··· Available data

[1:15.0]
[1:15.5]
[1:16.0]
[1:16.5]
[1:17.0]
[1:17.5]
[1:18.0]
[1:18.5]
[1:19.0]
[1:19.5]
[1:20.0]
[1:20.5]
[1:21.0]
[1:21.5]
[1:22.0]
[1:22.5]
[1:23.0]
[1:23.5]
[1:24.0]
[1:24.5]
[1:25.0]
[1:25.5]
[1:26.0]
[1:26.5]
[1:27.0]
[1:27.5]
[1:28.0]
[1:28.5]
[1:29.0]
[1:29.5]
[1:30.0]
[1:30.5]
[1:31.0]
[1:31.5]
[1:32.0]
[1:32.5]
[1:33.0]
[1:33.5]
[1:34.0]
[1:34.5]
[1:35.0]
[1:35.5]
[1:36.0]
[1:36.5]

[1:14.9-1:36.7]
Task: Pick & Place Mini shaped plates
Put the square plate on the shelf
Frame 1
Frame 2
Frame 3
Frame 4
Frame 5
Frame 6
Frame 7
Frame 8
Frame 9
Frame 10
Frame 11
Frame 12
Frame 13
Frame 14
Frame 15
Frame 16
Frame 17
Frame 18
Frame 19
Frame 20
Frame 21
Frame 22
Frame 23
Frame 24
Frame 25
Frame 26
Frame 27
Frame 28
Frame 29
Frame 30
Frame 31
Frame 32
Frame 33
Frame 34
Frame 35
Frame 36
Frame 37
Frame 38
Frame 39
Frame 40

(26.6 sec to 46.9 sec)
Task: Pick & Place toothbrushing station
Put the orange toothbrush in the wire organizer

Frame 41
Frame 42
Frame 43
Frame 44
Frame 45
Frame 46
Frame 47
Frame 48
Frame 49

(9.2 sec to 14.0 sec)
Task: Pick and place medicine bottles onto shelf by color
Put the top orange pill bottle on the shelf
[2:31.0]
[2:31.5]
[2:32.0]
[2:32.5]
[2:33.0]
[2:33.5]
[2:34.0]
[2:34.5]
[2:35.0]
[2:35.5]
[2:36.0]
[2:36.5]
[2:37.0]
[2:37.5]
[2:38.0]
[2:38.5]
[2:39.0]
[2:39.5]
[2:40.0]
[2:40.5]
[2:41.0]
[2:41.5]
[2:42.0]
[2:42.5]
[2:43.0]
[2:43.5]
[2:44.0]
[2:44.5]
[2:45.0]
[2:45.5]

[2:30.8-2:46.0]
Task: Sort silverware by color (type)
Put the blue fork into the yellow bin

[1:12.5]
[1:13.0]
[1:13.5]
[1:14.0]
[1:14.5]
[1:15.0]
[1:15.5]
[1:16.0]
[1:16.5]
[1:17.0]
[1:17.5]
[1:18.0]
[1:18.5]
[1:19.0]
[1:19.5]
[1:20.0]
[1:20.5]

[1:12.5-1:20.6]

······

**Activity:** Each entry shown above should be transcribed exactly as written.

**Finished task:**
[1:15.0]
[1:15.5]
[1:16.0]
[1:16.5]
[1:17.0]
[1:17.5]
[1:18.0]
[1:18.5]
[1:19.0]
[1:19.5]
[1:20.0]
[1:20.5]
[1:21.0]
[1:21.5]
[1:22.0]
[1:22.5]
[1:23.0]
[1:23.5]
[1:24.0]
[1:24.5]
[1:25.0]
[1:25.5]
[1:26.0]
[1:26.5]
[1:27.0]
[1:27.5]
[1:28.0]
[1:28.5]
[1:29.0]
[1:29.5]
[1:30.0]
[1:30.5]
[1:31.0]
[1:31.5]
[1:32.0]
[1:32.5]
[1:33.0]
[1:33.5]
[1:34.0]
[1:34.5]
[1:35.0]
[1:35.5]
[1:36.0]
[1:36.5]

[1:14.9-1:36.7]
Task: Pick & Place Mini shaped plates
Put the square plate on the shelf
Frame 1
Frame 2
Frame 3
Frame 4
Frame 5
Frame 6
Frame 7
Frame 8
Frame 9
Frame 10
Frame 11
Frame 12
Frame 13
Frame 14
Frame 15
Frame 16
Frame 17
Frame 18
Frame 19
Frame 20
Frame 21
Frame 22
Frame 23
Frame 24
Frame 25
Frame 26
Frame 27
Frame 28
Frame 29
Frame 30
Frame 31
Frame 32
Frame 33
Frame 34
Frame 35
Frame 36
Frame 37
Frame 38
Frame 39
Frame 40

(26.6 sec to 46.9 sec)
Task: Pick & Place toothbrushing station
Put the orange toothbrush in the wire organizer

Frame 41
Frame 42
Frame 43
Frame 44
Frame 45
Frame 46
Frame 47
Frame 48
Frame 49

(9.2 sec to 14.0 sec)
Task: Pick and place medicine bottles onto shelf by color
Put the top orange pill bottle on the shelf
[2:31.0]
[2:31.5]
[2:32.0]
[2:32.5]
[2:33.0]
[2:33.5]
[2:34.0]
[2:34.5]
[2:35.0]
[2:35.5]
[2:36.0]
[2:36.5]
[2:37.0]
[2:37.5]
[2:38.0]
[2:38.5]
[2:39.0]
[2:39.5]
[2:40.0]
[2:40.5]
[2:41.0]
[2:41.5]
[2:42.0]
[2:42.5]
[2:43.0]
[2:43.5]
[2:44.0]
[2:44.5]
[2:45.0]
[2:45.5]

[2:30.8-2:46.0]
Task: Sort silverware by color (type)
Put the blue fork into the yellow bin

[1:12.5]
[1:13.0]
[1:13.5]
[1:14.0]
[1:14.5]
[1:15.0]
[1:15.5]
[1:16.0]
[1:16.5]
[1:17.0]
[1:17.5]
[1:18.0]
[1:18.5]
[1:19.0]
[1:19.5]
[1:20.0]
[1:20.5]

[1:12.5-1:20.6]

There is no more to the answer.